Vuvuzela Recycling Competition Gives New Life to South Africa's Favorite Noisemakers
For better or worse, they provided the soundtrack to the World Cup 2010 matches in South Africa, generating annoyance and exuberance in seemingly equal measure. But with the competition over, what will happen to all the vuvuzelas? The plastic horns were reportedly selling at rates of 20,000 a day during the international sporting event, generating a massive amount of material for someone to do something creative with -- and the ideas are pouring in.Two South African advertising firms are sponsoring the WoZela! vuvuzela recycling competition under the slogan "Make a difference, not just a noise." The winning designs will be produced by local artists and craftsmen and sold through local retailers. The BBC reported that more than 200 entries have been submitted thus far. (Submissions closed Friday for South African entrants; the international deadline is Oct. 25.)
Candle Holders to Gardening Tools
"The vuvuzela has become an extraordinary symbol of unity in South Africa," the organizers write. "WoZela wants to make this object of unity an object of utility by generating ways to reuse it."

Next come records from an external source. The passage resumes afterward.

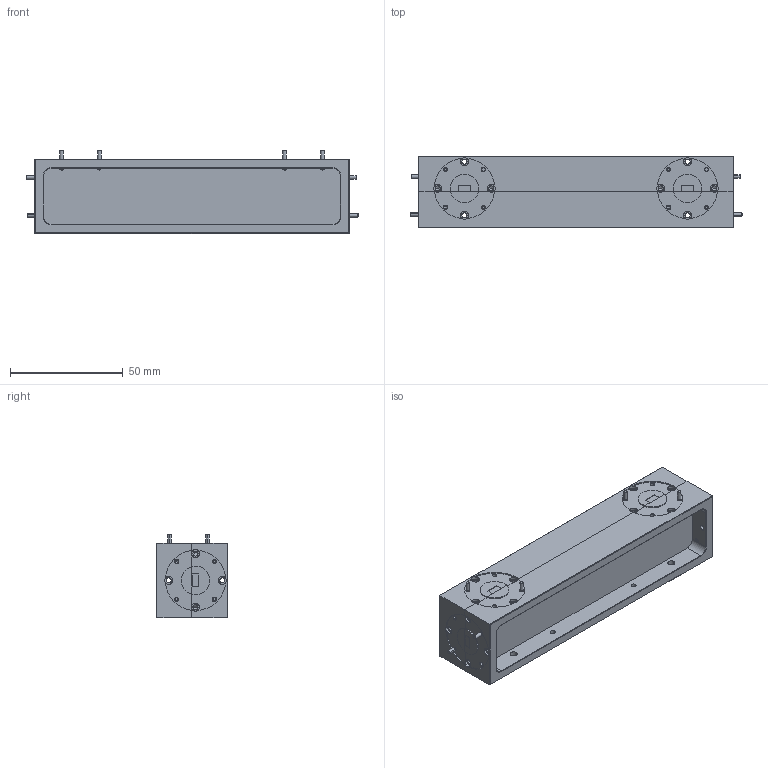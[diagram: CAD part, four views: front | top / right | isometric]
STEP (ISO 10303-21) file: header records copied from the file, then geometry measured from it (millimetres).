
FILE_DESCRIPTION (( 'STEP AP203' ), '1' );
FILE_NAME ('WD-BB-Q-A.STEP', '2022-12-28T20:35:54', ( '' ), ( '' ), 'SwSTEP 2.0', 'SolidWorks 2021', '' );
FILE_SCHEMA (( 'CONFIG_CONTROL_DESIGN' ));
Length unit declared in the file: inch
Products named in the file (1): WD-BB-Q-A
Bounding box: 147.45 x 31.75 x 36.89 mm (x, y, z)
Volume: 89562.1 mm3; surface area: 37461 mm2
Topology: 16 solids, 16 shells, 1124 faces, 2632 edges, 1572 vertices
Faces by surface type: plane 412, cylinder 390, cone 318, bspline 4
Entity records: 32889 total; most frequent: CARTESIAN_POINT 6537, DIRECTION 5846, ORIENTED_EDGE 5232, EDGE_CURVE 2616, AXIS2_PLACEMENT_3D 2281, VERTEX_POINT 1572, VECTOR 1284, LINE 1284

The ideas, showcased on the WoZela! blog, range from the silly (a noise-reducing muzzle for idiotic celebrities) to the perfectly practical (gardening tools, a portable water filter, a small-scale solar oven), with lots of variations on candle holders, wind chimes, vases, and lamps. Some designs are simply scrawled on pieces of binder paper, while others have actually been created or mapped out with detailed diagrams. The top 50 ideas -- selected for their originality, practicality, and usefulness -- will be exhibited in Johannesburg and Cape Town at an unspecified future date.